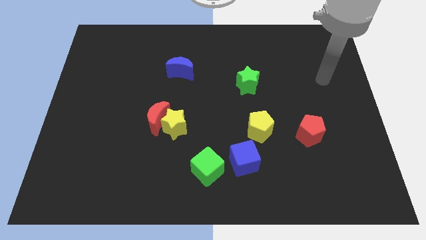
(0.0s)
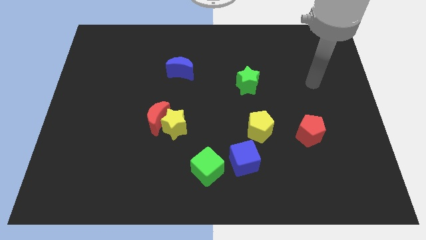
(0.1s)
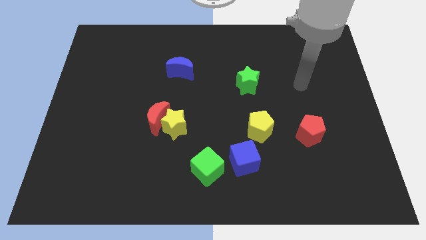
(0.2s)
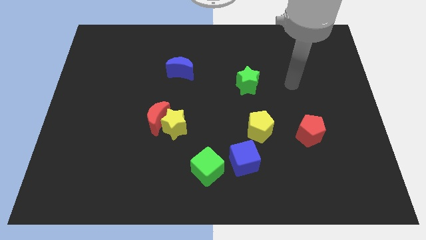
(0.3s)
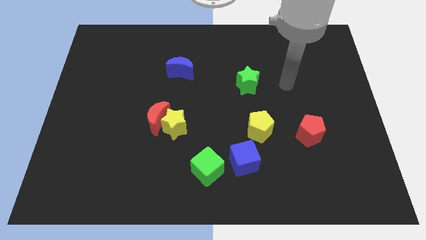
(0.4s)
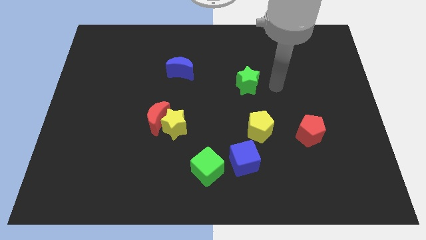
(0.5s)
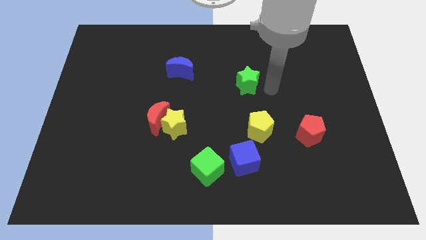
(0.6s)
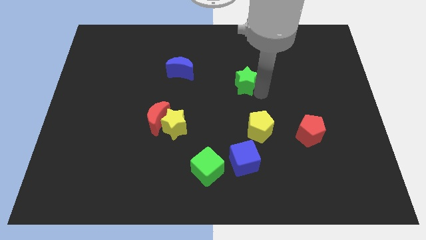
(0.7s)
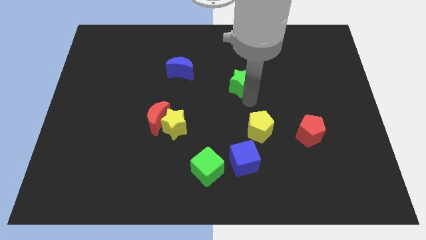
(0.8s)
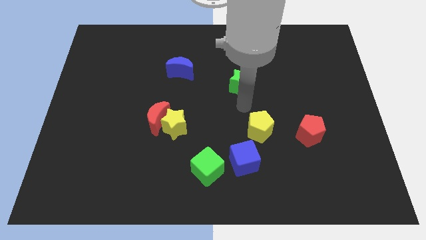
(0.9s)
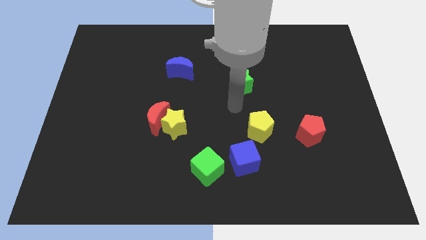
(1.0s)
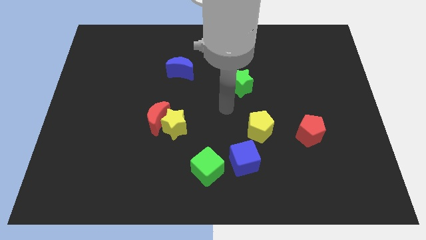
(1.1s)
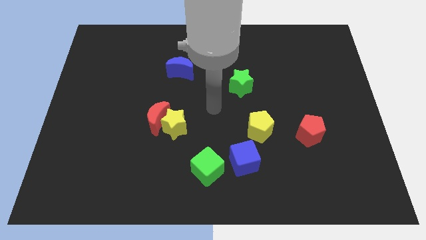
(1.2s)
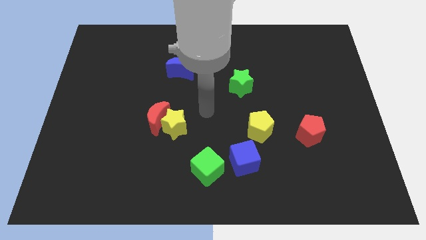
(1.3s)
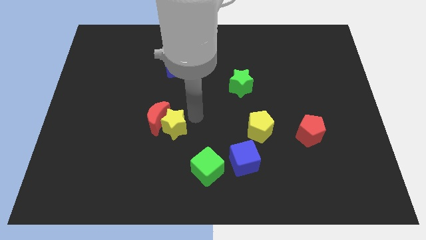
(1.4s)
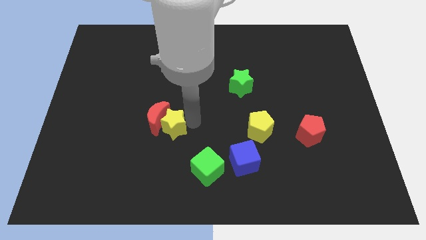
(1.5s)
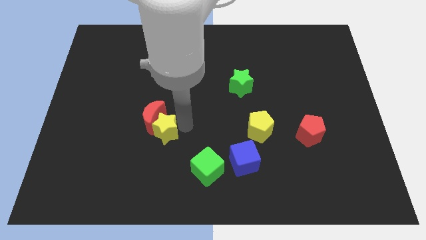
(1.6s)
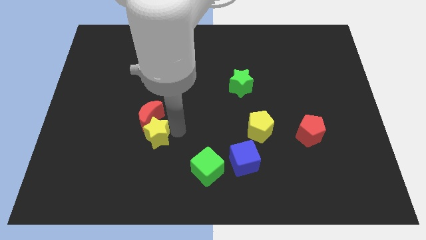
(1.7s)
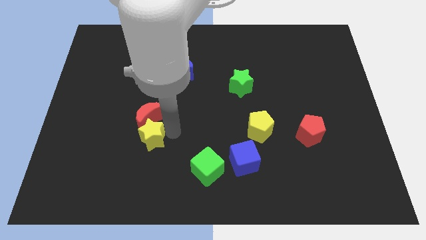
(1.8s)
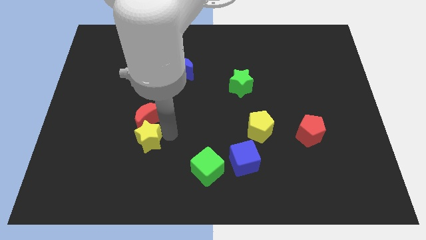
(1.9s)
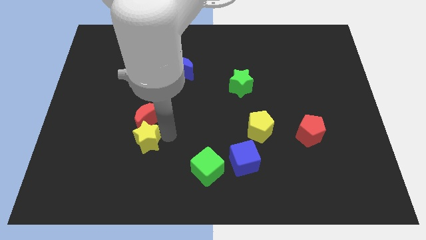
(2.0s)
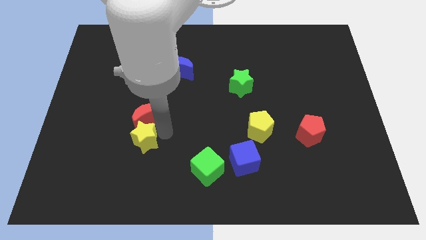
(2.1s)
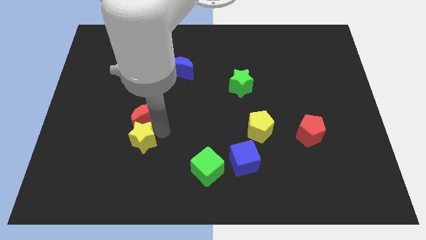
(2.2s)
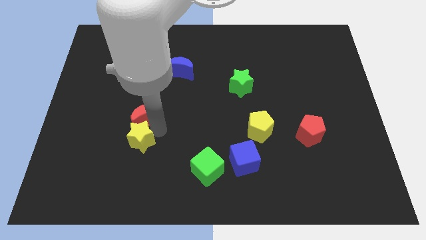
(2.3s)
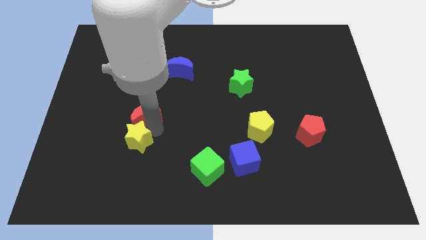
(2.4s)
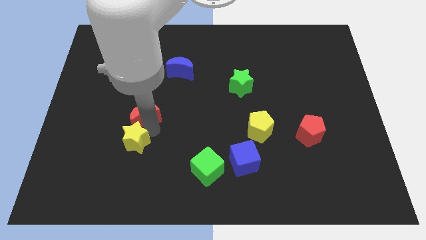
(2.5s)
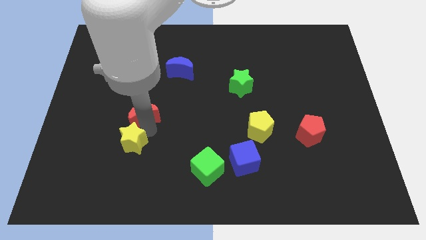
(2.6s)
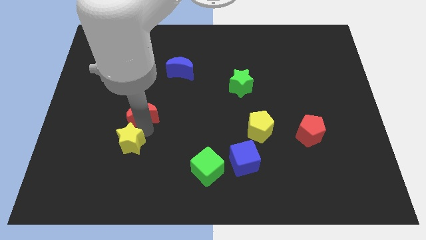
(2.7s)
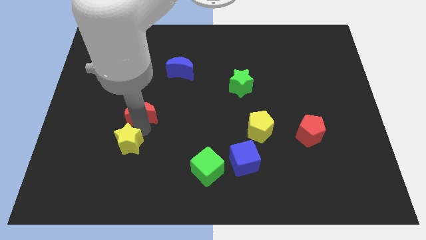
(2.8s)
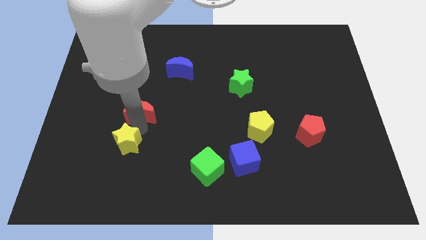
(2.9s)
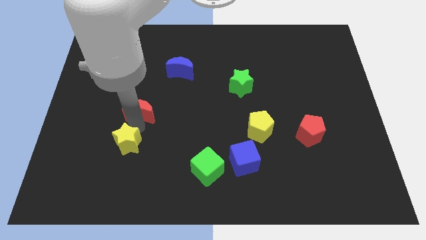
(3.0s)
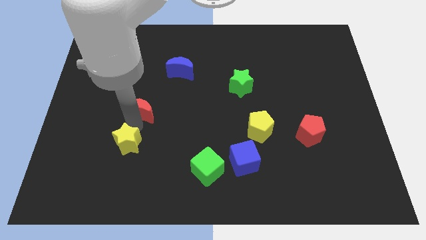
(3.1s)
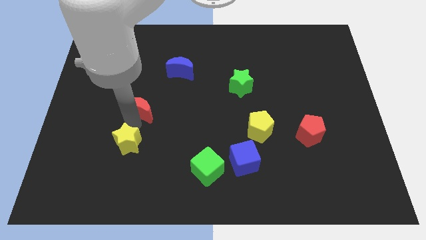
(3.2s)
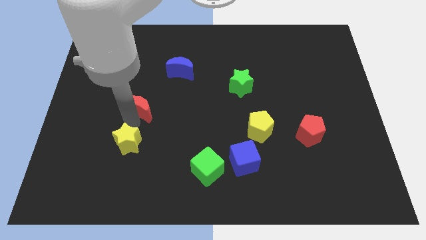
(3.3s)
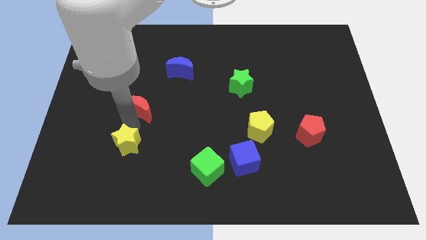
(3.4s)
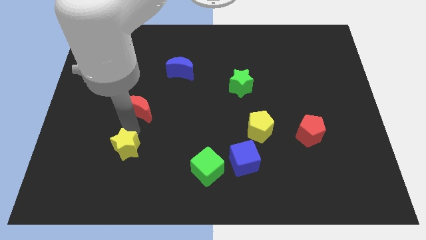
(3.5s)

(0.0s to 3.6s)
move the red moon away from the yellow star
^^^^^^^^
## About this task
What is needed is a verbatim copy of the entries, leaving out any pictures.

## Answer to this problem
(0.0s)
(0.1s)
(0.2s)
(0.3s)
(0.4s)
(0.5s)
(0.6s)
(0.7s)
(0.8s)
(0.9s)
(1.0s)
(1.1s)
(1.2s)
(1.3s)
(1.4s)
(1.5s)
(1.6s)
(1.7s)
(1.8s)
(1.9s)
(2.0s)
(2.1s)
(2.2s)
(2.3s)
(2.4s)
(2.5s)
(2.6s)
(2.7s)
(2.8s)
(2.9s)
(3.0s)
(3.1s)
(3.2s)
(3.3s)
(3.4s)
(3.5s)

(0.0s to 3.6s)
move the red moon away from the yellow star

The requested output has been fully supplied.